Jonathan gave me a tour of the warehouse. Base cars are compulsively simple in a way we’re no longer familiar with: wind-down windows, clunking locks, stiff switches. They fit the kit hard, reliable. Most of it seems to come from Australia. “We fit Codan radios, which go back to the Flying Doctor type thing, but the UN and NGOs still use it because it has a huge range. People here will say it’s dead because we have mobile phones and satellite phones. Well, but if there’s a coup the first thing they take out is the cellular network. So your phone is gone. If you’ve got your own high frequency network, you’re still talking.

Whether technology is obsolete or not depends on your perspective. They hear endless stories of exporting Euro VI emissions compliant cars to Africa that explode on local fuel. “We can do modern technology,” Gourlay insists. “Geofencing cars, remote immobilizers – the Land Cruiser you drive is fitted with a panic alarm and we know it works because it’s accidentally set off every time the car is cleaned.”

Driving by road is not sophisticated. The steering needs arm locks, the ride is bouncy, the diesel crude and roady. “Agencies are more aware of it now – we’re seeing some use cases move to Corollas and RAV4s, the desire to move lightly.” However, the relative luxury of those models is not what matters, but that they still have the same reliability despite the added complexity. Toyota – with TGS as its outlet – has this market sewn up.

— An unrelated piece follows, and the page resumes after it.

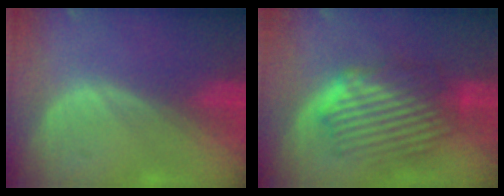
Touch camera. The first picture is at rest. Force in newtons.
{"total": 8.3, "press": 8.0, "slide": 2.4}
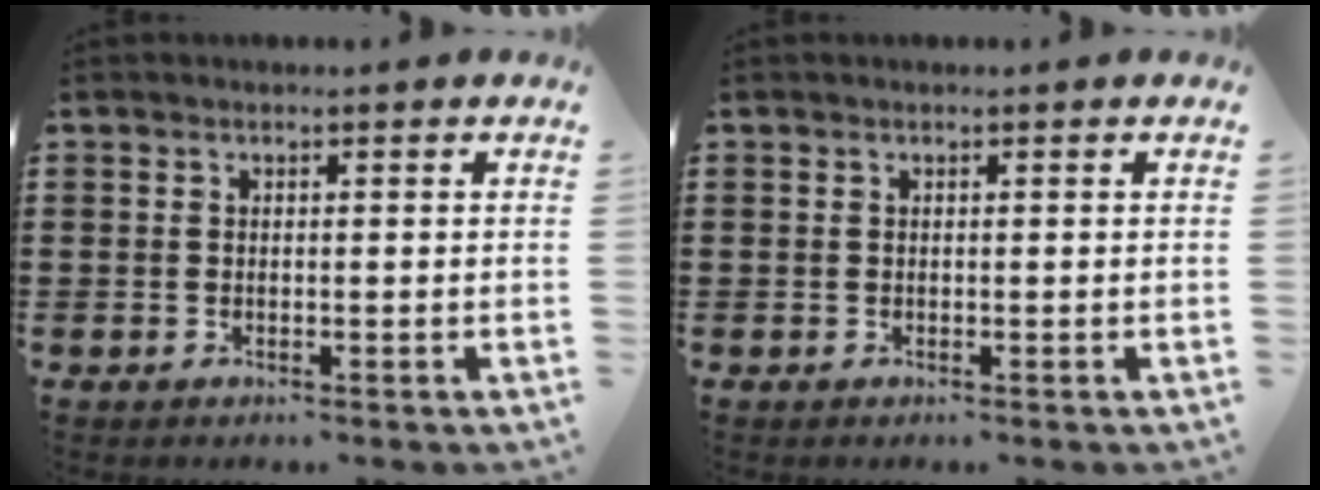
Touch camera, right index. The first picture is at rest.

Now don’t worry about numbers or logistics, but what a white Toyota represents when it rolls into your town. We only see a car, but in other parts of the world the arrival of a white Toyota signals hope, salvation, medicine, communication, education, help, food, relief. It signals help. A white Toyota – paint code 058 – a sign that things will get better And if that’s not a worthy introduction to a car game, I don’t know what is.